Armchair Cricket

Review by Matt Harrison (matt@risinfo.demon.co.uk).

Armchair Cricket is a 4-player card game, played in pairs. Each game consists of one or more innings. For each innings, 2 players bat, 2 bowl. Innings may be limited by overs or until 10 wickets fall, or the batting team declare.

There are about 6 different suits, with cards ranked 1 to 13 in each suit. The game is played in overs of 6 tricks, with the same 'bowling' player playing cards to whichever batter is currently facing. New cards are drawn after each trick. The bowler plays a card, and the batter responds. If the card is higher and of the same suit, run(s) are scored, if higher but of a different suit or lower but of the same suit, then no effect (dot ball). If the batter has no card of the same suit, or higher card of any suit, they lose a wicket. If runs are scored, the bowler has the option to play extra cards (fielding cards) to limit runs, catch the ball, run the batter out. There are lots of other little rules to simulate many of the various rules of cricket.

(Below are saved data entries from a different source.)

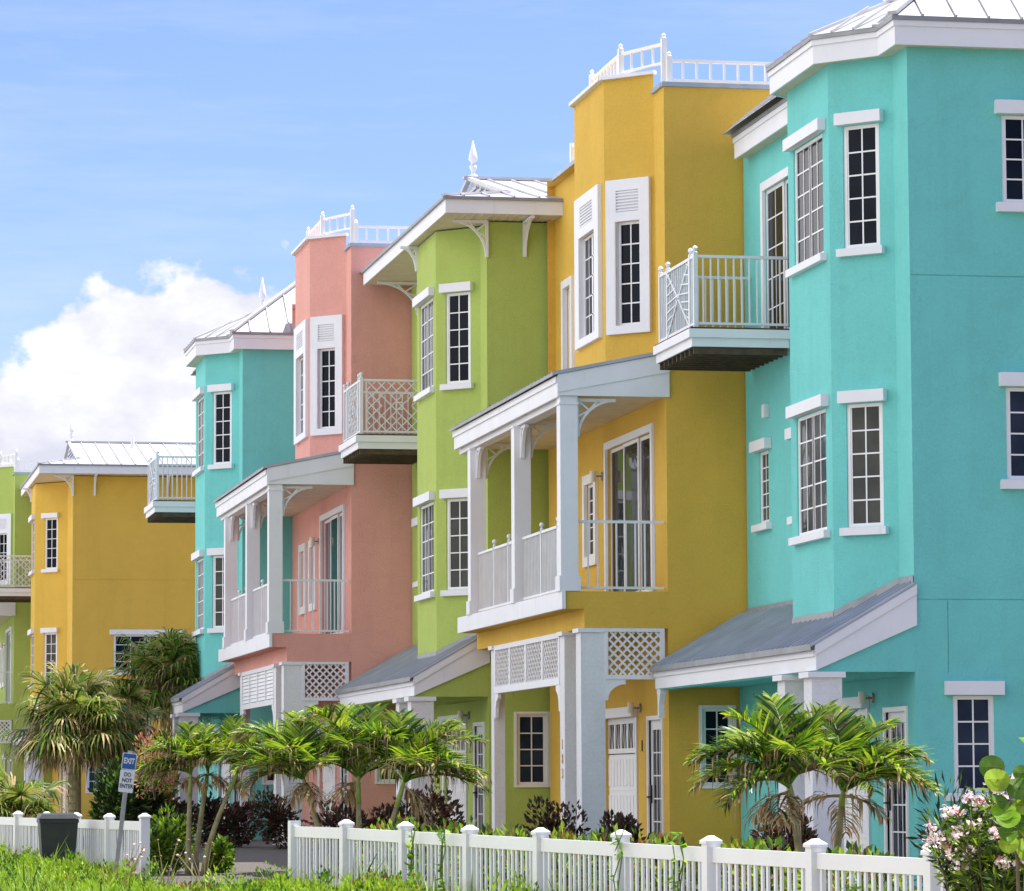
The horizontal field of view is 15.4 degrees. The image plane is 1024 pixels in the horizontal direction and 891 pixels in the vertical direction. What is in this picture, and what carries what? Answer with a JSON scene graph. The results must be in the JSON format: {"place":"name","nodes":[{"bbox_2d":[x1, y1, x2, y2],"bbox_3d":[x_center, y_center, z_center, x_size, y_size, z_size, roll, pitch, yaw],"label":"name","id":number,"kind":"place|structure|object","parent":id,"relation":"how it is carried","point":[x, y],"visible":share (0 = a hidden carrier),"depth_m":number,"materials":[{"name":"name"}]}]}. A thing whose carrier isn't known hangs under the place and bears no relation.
{"place":"outdoors","nodes":[
{"label":"outdoors","id":0,"kind":"place"},
{"bbox_2d":[12,836,458,878],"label":"driveway","id":1,"kind":"structure","parent":0,"point":[258,853],"depth_m":68.49,"materials":[{"name":"concrete"}]},
{"bbox_2d":[132,721,176,799],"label":"flowering shrub","id":2,"kind":"object","parent":1,"relation":"on","point":[149,755],"visible":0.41,"depth_m":75.57,"materials":[{"name":"green plant"}]},
{"bbox_2d":[132,721,226,874],"bbox_3d":[-5.429,5.800,62.109,1.697,2.547,1.362,-2,-6,21],"label":"palm tree","id":3,"kind":"object","parent":1,"relation":"on","point":[155,766],"visible":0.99,"depth_m":62.15,"materials":[{"name":"green plant"}]},
{"bbox_2d":[152,800,210,847],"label":"croton bush","id":4,"kind":"object","parent":1,"relation":"on","point":[182,806],"visible":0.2,"depth_m":77.65,"materials":[{"name":"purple plant"}]},
{"bbox_2d":[170,722,247,873],"bbox_3d":[-4.986,5.838,62.487,1.237,2.538,1.613,-4,-6,34],"label":"palm tree","id":5,"kind":"object","parent":1,"relation":"on","point":[217,782],"visible":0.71,"depth_m":62.34,"materials":[{"name":"green plant"}]},
{"bbox_2d":[192,790,230,842],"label":"croton bush","id":6,"kind":"object","parent":1,"relation":"on","point":[209,817],"visible":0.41,"depth_m":78.66,"materials":[{"name":"purple plant"}]},
{"bbox_2d":[216,798,262,847],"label":"croton bush","id":7,"kind":"object","parent":1,"relation":"on","point":[236,817],"visible":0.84,"depth_m":77.83,"materials":[{"name":"purple plant"}]},
{"bbox_2d":[193,714,292,874],"bbox_3d":[-4.396,5.757,62.334,1.786,2.674,1.690,1,-5,-11],"label":"palm tree","id":8,"kind":"object","parent":1,"relation":"on","point":[228,726],"visible":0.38,"depth_m":62.31,"materials":[{"name":"green plant"}]},
{"bbox_2d":[245,786,303,848],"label":"croton bush","id":9,"kind":"object","parent":1,"relation":"on","point":[275,820],"visible":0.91,"depth_m":75.91,"materials":[{"name":"purple plant"}]},
{"bbox_2d":[0,834,591,890],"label":"grass","id":10,"kind":"structure","parent":0,"point":[31,881],"depth_m":47.79,"materials":[{"name":"green plant"}]},
{"bbox_2d":[151,877,581,890],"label":"lane","id":11,"kind":"structure","parent":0,"point":[188,880],"depth_m":58.47,"materials":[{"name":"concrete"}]},
{"bbox_2d":[176,842,224,884],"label":"wildflower","id":12,"kind":"object","parent":11,"relation":"on","point":[179,856],"visible":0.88,"depth_m":49.95,"materials":[{"name":"green plant"}]},
{"bbox_2d":[212,709,351,884],"bbox_3d":[-3.064,4.907,52.359,2.008,2.554,1.789,-2,-6,21],"label":"palm tree","id":13,"kind":"object","parent":11,"relation":"on","point":[287,751],"visible":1,"depth_m":52.31,"materials":[{"name":"green plant"}]},
{"bbox_2d":[286,702,425,877],"bbox_3d":[-2.179,4.895,52.791,2.166,2.643,1.938,1,-5,-11],"label":"palm tree","id":14,"kind":"object","parent":11,"relation":"on","point":[355,758],"visible":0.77,"depth_m":52.74,"materials":[{"name":"green plant"}]},
{"bbox_2d":[349,708,493,825],"bbox_3d":[-1.209,4.910,52.457,1.877,2.550,2.087,3,-6,-33],"label":"palm tree","id":15,"kind":"object","parent":11,"relation":"on","point":[417,752],"visible":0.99,"depth_m":52.34,"materials":[{"name":"green plant"}]},
{"bbox_2d":[0,0,883,471],"label":"sky","id":16,"kind":"structure","parent":0,"point":[160,160],"materials":[{"name":"blue"}]},
{"label":"ground","id":17,"kind":"structure","parent":0,"visible":0},
{"bbox_2d":[0,449,51,812],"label":"row house","id":18,"kind":"structure","parent":17,"relation":"on","point":[15,617],"depth_m":137.31,"materials":[{"name":"green paint"}]},
{"bbox_2d":[2,643,4,686],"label":"window","id":19,"kind":"structure","parent":18,"relation":"in","point":[3,649],"depth_m":142.93,"materials":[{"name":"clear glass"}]},
{"bbox_2d":[5,626,11,703],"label":"sliding door","id":20,"kind":"structure","parent":18,"relation":"in","point":[9,629],"depth_m":140.06,"materials":[{"name":"white glass"}]},
{"bbox_2d":[0,765,70,845],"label":"fan palm","id":21,"kind":"object","parent":17,"relation":"on","point":[13,796],"visible":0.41,"depth_m":82.60,"materials":[{"name":"green plant"}]},
{"bbox_2d":[36,813,79,861],"bbox_3d":[-7.187,6.340,59.690,0.660,1.050,0.778,1,-5,-11],"label":"wheelie bin","id":22,"kind":"object","parent":17,"relation":"on","point":[55,830],"visible":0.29,"depth_m":59.38,"materials":[{"name":"plastic"}]},
{"bbox_2d":[0,659,147,813],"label":"fan palm","id":23,"kind":"object","parent":17,"relation":"on","point":[75,719],"visible":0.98,"depth_m":86.82,"materials":[{"name":"green plant"}]},
{"bbox_2d":[0,811,150,878],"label":"picket fence","id":24,"kind":"object","parent":17,"relation":"on","point":[101,836],"visible":0.55,"depth_m":59.43,"materials":[{"name":"white plastic"}]},
{"bbox_2d":[0,420,195,819],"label":"row house","id":25,"kind":"structure","parent":17,"relation":"on","point":[108,561],"depth_m":128.15,"materials":[{"name":"yellow paint"}]},
{"bbox_2d":[27,628,33,688],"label":"window","id":26,"kind":"structure","parent":25,"relation":"in","point":[31,631],"depth_m":131.67,"materials":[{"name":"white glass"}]},
{"bbox_2d":[28,514,34,575],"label":"window","id":27,"kind":"structure","parent":25,"relation":"in","point":[32,517],"depth_m":132.32,"materials":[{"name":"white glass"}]},
{"bbox_2d":[40,627,58,680],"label":"window","id":28,"kind":"structure","parent":25,"relation":"in","point":[50,633],"depth_m":130.27,"materials":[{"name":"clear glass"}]},
{"bbox_2d":[41,512,58,572],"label":"window","id":29,"kind":"structure","parent":25,"relation":"in","point":[51,524],"depth_m":130.59,"materials":[{"name":"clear glass"}]},
{"bbox_2d":[60,763,66,812],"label":"garage door","id":30,"kind":"structure","parent":25,"relation":"in","point":[64,785],"depth_m":131.32,"materials":[{"name":"white wood"}]},
{"bbox_2d":[86,763,104,792],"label":"window","id":31,"kind":"structure","parent":25,"relation":"in","point":[89,784],"depth_m":127.13,"materials":[{"name":"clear glass"}]},
{"bbox_2d":[109,629,181,674],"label":"window","id":32,"kind":"structure","parent":25,"relation":"in","point":[135,635],"depth_m":127.72,"materials":[{"name":"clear glass"}]},
{"bbox_2d":[114,751,136,876],"bbox_3d":[-5.757,5.594,55.619,0.215,2.200,0.055,7,-5,-10],"label":"road sign","id":33,"kind":"object","parent":17,"relation":"on","point":[127,776],"visible":1,"depth_m":55.66,"materials":[{"name":"metal"}]},
{"bbox_2d":[87,749,168,848],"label":"broadleaf shrub","id":34,"kind":"object","parent":17,"relation":"on","point":[109,794],"visible":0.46,"depth_m":77.30,"materials":[{"name":"green plant"}]},
{"bbox_2d":[81,679,174,775],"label":"fan palm","id":35,"kind":"object","parent":17,"relation":"on","point":[128,691],"visible":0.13,"depth_m":89.35,"materials":[{"name":"green plant"}]},
{"bbox_2d":[91,627,225,798],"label":"fan palm","id":36,"kind":"object","parent":17,"relation":"on","point":[167,669],"visible":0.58,"depth_m":92.22,"materials":[{"name":"green plant"}]},
{"bbox_2d":[150,822,178,873],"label":"hedge shrub","id":37,"kind":"object","parent":17,"relation":"on","point":[165,835],"visible":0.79,"depth_m":62.29,"materials":[{"name":"green plant"}]},
{"bbox_2d":[148,753,181,816],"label":"broadleaf shrub","id":38,"kind":"object","parent":17,"relation":"on","point":[171,795],"visible":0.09,"depth_m":81.55,"materials":[{"name":"green plant"}]},
{"bbox_2d":[142,839,190,885],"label":"wildflower","id":39,"kind":"object","parent":17,"relation":"on","point":[178,840],"visible":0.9,"depth_m":51.25,"materials":[{"name":"green plant"}]},
{"bbox_2d":[150,801,195,871],"bbox_3d":[-5.676,6.591,63.260,0.847,1.286,1.262,1,-5,-11],"label":"hedge shrub","id":40,"kind":"object","parent":17,"relation":"on","point":[178,822],"visible":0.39,"depth_m":63.11,"materials":[{"name":"green plant"}]},
{"bbox_2d":[144,277,294,839],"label":"row house","id":41,"kind":"structure","parent":17,"relation":"on","point":[243,393],"depth_m":91.06,"materials":[{"name":"teal paint"}]},
{"bbox_2d":[191,549,203,636],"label":"window","id":42,"kind":"structure","parent":41,"relation":"in","point":[195,556],"depth_m":92.62,"materials":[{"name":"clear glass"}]},
{"bbox_2d":[192,386,204,476],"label":"window","id":43,"kind":"structure","parent":41,"relation":"in","point":[200,391],"depth_m":92.80,"materials":[{"name":"clear glass"}]},
{"bbox_2d":[207,548,223,632],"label":"window","id":44,"kind":"structure","parent":41,"relation":"in","point":[218,561],"depth_m":91.10,"materials":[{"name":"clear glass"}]},
{"bbox_2d":[207,383,233,469],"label":"window","id":45,"kind":"structure","parent":41,"relation":"in","point":[222,401],"depth_m":91.39,"materials":[{"name":"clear glass"}]},
{"bbox_2d":[214,727,230,833],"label":"garage door","id":46,"kind":"structure","parent":41,"relation":"in","point":[225,768],"depth_m":93.74,"materials":[{"name":"white wood"}]},
{"bbox_2d":[262,725,273,784],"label":"window","id":47,"kind":"structure","parent":41,"relation":"in","point":[267,780],"depth_m":89.77,"materials":[{"name":"clear glass"}]},
{"bbox_2d":[202,834,236,872],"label":"hedge shrub","id":48,"kind":"object","parent":17,"relation":"on","point":[222,846],"visible":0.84,"depth_m":62.89,"materials":[{"name":"green plant"}]},
{"bbox_2d":[213,205,413,845],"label":"row house","id":49,"kind":"structure","parent":17,"relation":"on","point":[351,579],"depth_m":81.35,"materials":[{"name":"pink paint"}]},
{"bbox_2d":[298,543,306,614],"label":"window","id":50,"kind":"structure","parent":49,"relation":"in","point":[303,547],"depth_m":88.51,"materials":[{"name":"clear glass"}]},
{"bbox_2d":[308,538,316,611],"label":"window","id":51,"kind":"structure","parent":49,"relation":"in","point":[309,547],"depth_m":86.80,"materials":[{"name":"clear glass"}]},
{"bbox_2d":[314,721,335,839],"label":"garage door","id":52,"kind":"structure","parent":49,"relation":"in","point":[327,779],"depth_m":84.27,"materials":[{"name":"white wood"}]},
{"bbox_2d":[319,504,344,633],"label":"sliding door","id":53,"kind":"structure","parent":49,"relation":"in","point":[334,528],"depth_m":83.60,"materials":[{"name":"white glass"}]},
{"bbox_2d":[340,767,348,818],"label":"front door","id":54,"kind":"structure","parent":49,"relation":"in","point":[345,777],"depth_m":81.56,"materials":[{"name":"white wood"}]},
{"bbox_2d":[375,720,395,783],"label":"window","id":55,"kind":"structure","parent":49,"relation":"in","point":[377,774],"depth_m":80.41,"materials":[{"name":"clear glass"}]},
{"bbox_2d":[303,794,373,876],"bbox_3d":[-2.753,6.243,60.237,1.266,1.439,1.234,1,-5,-11],"label":"croton bush","id":56,"kind":"object","parent":17,"relation":"on","point":[335,816],"visible":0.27,"depth_m":60.10,"materials":[{"name":"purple plant"}]},
{"bbox_2d":[362,788,425,864],"bbox_3d":[-1.914,6.235,60.331,1.176,1.528,1.172,1,-5,-11],"label":"croton bush","id":57,"kind":"object","parent":17,"relation":"on","point":[389,808],"visible":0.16,"depth_m":60.15,"materials":[{"name":"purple plant"}]},
{"bbox_2d":[356,812,433,884],"bbox_3d":[-1.428,5.268,48.295,1.128,1.194,2.378,1,-5,-11],"label":"hedge shrub","id":58,"kind":"object","parent":17,"relation":"on","point":[383,826],"visible":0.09,"depth_m":48.13,"materials":[{"name":"green plant"}]},
{"bbox_2d":[387,816,461,889],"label":"hedge shrub","id":59,"kind":"object","parent":17,"relation":"on","point":[436,828],"visible":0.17,"depth_m":46.14,"materials":[{"name":"green plant"}]},
{"bbox_2d":[410,779,465,878],"bbox_3d":[-1.147,5.896,57.522,0.994,1.680,0.989,1,-5,-11],"label":"croton bush","id":60,"kind":"object","parent":17,"relation":"on","point":[444,810],"visible":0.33,"depth_m":57.41,"materials":[{"name":"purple plant"}]},
{"bbox_2d":[336,141,562,851],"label":"row house","id":61,"kind":"structure","parent":17,"relation":"on","point":[470,266],"depth_m":72.25,"materials":[{"name":"green paint"}]},
{"bbox_2d":[412,286,434,401],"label":"window","id":62,"kind":"structure","parent":61,"relation":"in","point":[427,388],"depth_m":73.99,"materials":[{"name":"clear glass"}]},
{"bbox_2d":[413,491,434,601],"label":"window","id":63,"kind":"structure","parent":61,"relation":"in","point":[427,511],"depth_m":73.61,"materials":[{"name":"clear glass"}]},
{"bbox_2d":[437,714,467,832],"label":"garage door","id":64,"kind":"structure","parent":61,"relation":"in","point":[461,795],"depth_m":74.22,"materials":[{"name":"wood"}]},
{"bbox_2d":[439,488,467,595],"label":"window","id":65,"kind":"structure","parent":61,"relation":"in","point":[457,509],"depth_m":72.22,"materials":[{"name":"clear glass"}]},
{"bbox_2d":[439,281,473,390],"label":"window","id":66,"kind":"structure","parent":61,"relation":"in","point":[458,335],"depth_m":72.54,"materials":[{"name":"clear glass"}]},
{"bbox_2d":[472,722,484,831],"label":"front door","id":67,"kind":"structure","parent":61,"relation":"in","point":[479,727],"depth_m":72.01,"materials":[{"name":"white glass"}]},
{"bbox_2d":[514,712,549,786],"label":"window","id":68,"kind":"structure","parent":61,"relation":"in","point":[531,729],"depth_m":71.02,"materials":[{"name":"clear glass"}]},
{"bbox_2d":[449,815,524,890],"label":"hedge shrub","id":69,"kind":"object","parent":17,"relation":"on","point":[488,828],"visible":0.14,"depth_m":44.04,"materials":[{"name":"green plant"}]},
{"bbox_2d":[488,820,575,890],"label":"hedge shrub","id":70,"kind":"object","parent":17,"relation":"on","point":[553,835],"visible":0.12,"depth_m":43.00,"materials":[{"name":"green plant"}]},
{"bbox_2d":[519,795,590,838],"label":"croton bush","id":71,"kind":"object","parent":17,"relation":"on","point":[550,824],"visible":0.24,"depth_m":58.27,"materials":[{"name":"purple plant"}]},
{"bbox_2d":[549,823,617,890],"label":"hedge shrub","id":72,"kind":"object","parent":17,"relation":"on","point":[595,836],"visible":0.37,"depth_m":41.27,"materials":[{"name":"green plant"}]},
{"bbox_2d":[449,33,769,871],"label":"row house","id":73,"kind":"structure","parent":17,"relation":"on","point":[615,581],"depth_m":62.48,"materials":[{"name":"yellow paint"}]},
{"bbox_2d":[561,275,575,369],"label":"window","id":74,"kind":"structure","parent":73,"relation":"in","point":[568,282],"depth_m":70.48,"materials":[{"name":"white glass"}]},
{"bbox_2d":[582,472,597,567],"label":"window","id":75,"kind":"structure","parent":73,"relation":"in","point":[593,488],"depth_m":67.68,"materials":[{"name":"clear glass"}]},
{"bbox_2d":[605,706,637,825],"bbox_3d":[1.856,5.837,64.804,0.220,2.650,2.770,1,-5,-11],"label":"garage door","id":76,"kind":"structure","parent":73,"relation":"in","point":[622,732],"depth_m":64.85,"materials":[{"name":"white wood"}]},
{"bbox_2d":[603,423,654,591],"bbox_3d":[2.022,1.176,64.341,0.120,2.770,3.790,1,-5,-11],"label":"sliding door","id":77,"kind":"structure","parent":73,"relation":"in","point":[632,477],"depth_m":64.38,"materials":[{"name":"white glass"}]},
{"bbox_2d":[646,715,663,843],"bbox_3d":[2.378,5.619,62.138,0.110,2.340,1.140,1,-5,-11],"label":"front door","id":78,"kind":"structure","parent":73,"relation":"in","point":[656,798],"depth_m":62.37,"materials":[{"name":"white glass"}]},
{"bbox_2d":[699,705,736,788],"bbox_3d":[3.342,4.902,61.416,0.620,1.350,0.090,1,-5,-11],"label":"window","id":79,"kind":"structure","parent":73,"relation":"in","point":[710,719],"depth_m":61.44,"materials":[{"name":"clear glass"}]},
{"bbox_2d":[592,809,642,871],"bbox_3d":[1.586,6.108,57.473,0.862,1.166,0.805,1,-5,-11],"label":"croton bush","id":80,"kind":"object","parent":17,"relation":"on","point":[607,814],"visible":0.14,"depth_m":57.51,"materials":[{"name":"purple plant"}]},
{"bbox_2d":[288,819,958,890],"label":"picket fence","id":81,"kind":"object","parent":17,"relation":"on","point":[814,861],"visible":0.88,"depth_m":38.09,"materials":[{"name":"white plastic"}]},
{"bbox_2d":[404,829,415,886],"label":"climbing vine","id":82,"kind":"object","parent":81,"relation":"attached to","point":[410,855],"visible":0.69,"depth_m":43.24,"materials":[{"name":"green plant"}]},
{"bbox_2d":[433,826,449,890],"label":"climbing vine","id":83,"kind":"object","parent":81,"relation":"attached to","point":[442,840],"visible":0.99,"depth_m":42.15,"materials":[{"name":"green plant"}]},
{"bbox_2d":[610,825,625,890],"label":"climbing vine","id":84,"kind":"object","parent":81,"relation":"attached to","point":[619,855],"visible":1,"depth_m":36.78,"materials":[{"name":"green plant"}]},
{"bbox_2d":[660,832,688,890],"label":"climbing vine","id":85,"kind":"object","parent":81,"relation":"attached to","point":[682,846],"visible":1,"depth_m":35.23,"materials":[{"name":"green plant"}]},
{"bbox_2d":[606,811,646,842],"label":"croton bush","id":86,"kind":"object","parent":17,"relation":"on","point":[620,821],"visible":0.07,"depth_m":57.01,"materials":[{"name":"brown plant"}]},
{"bbox_2d":[607,827,697,890],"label":"hedge shrub","id":87,"kind":"object","parent":17,"relation":"on","point":[661,837],"visible":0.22,"depth_m":39.03,"materials":[{"name":"green plant"}]},
{"bbox_2d":[720,835,800,890],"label":"hedge shrub","id":88,"kind":"object","parent":17,"relation":"on","point":[756,845],"visible":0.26,"depth_m":36.40,"materials":[{"name":"green plant"}]},
{"bbox_2d":[681,690,865,889],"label":"palm tree","id":89,"kind":"object","parent":17,"relation":"on","point":[784,752],"visible":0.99,"depth_m":39.21,"materials":[{"name":"green plant"}]},
{"bbox_2d":[747,807,817,883],"bbox_3d":[3.434,5.147,47.307,1.051,1.273,0.933,1,-5,-11],"label":"croton bush","id":90,"kind":"object","parent":17,"relation":"on","point":[808,833],"visible":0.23,"depth_m":47.22,"materials":[{"name":"brown plant"}]},
{"bbox_2d":[650,0,1023,889],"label":"row house","id":91,"kind":"structure","parent":17,"relation":"on","point":[874,348],"depth_m":52.89,"materials":[{"name":"teal paint"}]},
{"bbox_2d":[749,437,771,532],"bbox_3d":[4.024,0.641,60.708,0.175,1.462,0.980,1,-5,-11],"label":"window","id":92,"kind":"structure","parent":91,"relation":"in","point":[762,444],"depth_m":60.76,"materials":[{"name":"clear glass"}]},
{"bbox_2d":[760,167,789,327],"bbox_3d":[4.297,-3.062,59.734,0.120,2.560,2.430,1,-5,-11],"label":"sliding door","id":93,"kind":"structure","parent":91,"relation":"in","point":[777,196],"depth_m":60.30,"materials":[{"name":"white glass"}]},
{"bbox_2d":[782,118,826,277],"bbox_3d":[4.276,-3.579,54.861,0.175,2.052,1.940,1,-5,-11],"label":"window","id":94,"kind":"structure","parent":91,"relation":"in","point":[810,252],"depth_m":54.89,"materials":[{"name":"clear glass"}]},
{"bbox_2d":[785,394,829,545],"bbox_3d":[4.294,0.370,54.504,0.175,2.042,1.940,1,-5,-11],"label":"window","id":95,"kind":"structure","parent":91,"relation":"in","point":[811,427],"depth_m":54.53,"materials":[{"name":"clear glass"}]},
{"bbox_2d":[842,696,870,880],"bbox_3d":[4.855,5.037,55.329,0.220,2.650,2.770,1,-5,-11],"label":"garage door","id":96,"kind":"structure","parent":91,"relation":"in","point":[865,836],"depth_m":54.62,"materials":[{"name":"white wood"}]},
{"bbox_2d":[833,108,884,257],"bbox_3d":[4.915,-3.712,53.423,0.607,2.052,0.607,1,-5,-11],"label":"window","id":97,"kind":"structure","parent":91,"relation":"in","point":[861,142],"depth_m":53.49,"materials":[{"name":"white glass"}]},
{"bbox_2d":[837,388,888,535],"bbox_3d":[4.933,0.237,53.066,0.607,2.042,0.607,1,-5,-11],"label":"window","id":98,"kind":"structure","parent":91,"relation":"in","point":[864,421],"depth_m":53.14,"materials":[{"name":"white glass"}]},
{"bbox_2d":[882,706,909,875],"bbox_3d":[5.377,4.819,52.663,0.110,2.340,1.140,1,-5,-11],"label":"front door","id":99,"kind":"structure","parent":91,"relation":"in","point":[900,846],"depth_m":52.79,"materials":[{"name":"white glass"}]},
{"bbox_2d":[944,681,1004,800],"bbox_3d":[6.364,4.062,51.906,0.830,1.642,0.175,1,-5,-11],"label":"window","id":100,"kind":"structure","parent":91,"relation":"in","point":[973,716],"depth_m":51.96,"materials":[{"name":"white glass"}]},
{"bbox_2d":[994,99,1023,212],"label":"window","id":101,"kind":"structure","parent":91,"relation":"in","point":[1012,127],"depth_m":52.81,"materials":[{"name":"clear glass"}]},
{"bbox_2d":[998,372,1023,488],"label":"window","id":102,"kind":"structure","parent":91,"relation":"in","point":[1014,396],"depth_m":52.47,"materials":[{"name":"clear glass"}]},
{"bbox_2d":[778,840,916,890],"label":"hedge shrub","id":103,"kind":"object","parent":17,"relation":"on","point":[851,846],"visible":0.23,"depth_m":34.87,"materials":[{"name":"green plant"}]},
{"bbox_2d":[786,702,944,880],"bbox_3d":[3.758,3.878,40.137,1.858,2.336,1.930,1,-5,-11],"label":"palm tree","id":104,"kind":"object","parent":17,"relation":"on","point":[847,727],"visible":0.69,"depth_m":40.06,"materials":[{"name":"green plant"}]},
{"bbox_2d":[903,768,993,888],"bbox_3d":[4.340,3.949,36.467,1.120,1.770,1.021,1,-5,-11],"label":"oleander bush","id":105,"kind":"object","parent":17,"relation":"on","point":[926,818],"visible":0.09,"depth_m":36.39,"materials":[{"name":"pink plant"}]},
{"bbox_2d":[916,773,1023,890],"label":"oleander bush","id":106,"kind":"object","parent":17,"relation":"on","point":[988,864],"visible":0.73,"depth_m":28.01,"materials":[{"name":"green plant"}]},
{"bbox_2d":[979,737,1023,890],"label":"sea grape shrub","id":107,"kind":"object","parent":17,"relation":"on","point":[1007,815],"visible":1,"depth_m":27.16,"materials":[{"name":"green plant"}]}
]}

On balance, its a pretty good game, not a simuation, but produces a believeable feel when playing. As a bowler you spend overs bowling poor balls to build up a good hand (lots of the same suit), then pummell a batsman. And then just when you're about to force a wicket, the batsman sneaks a lucky single and you have to play to the other batting player whose hand hasn't been weakened.

The only real downside is that is does tend to take rather too long to play, with even a single innings, 40 over limited game taking about 2-3 hours. I've lost count of the number of games abandoned. One innings ends, you go for food, alcohol whatever, and then never play the second innings.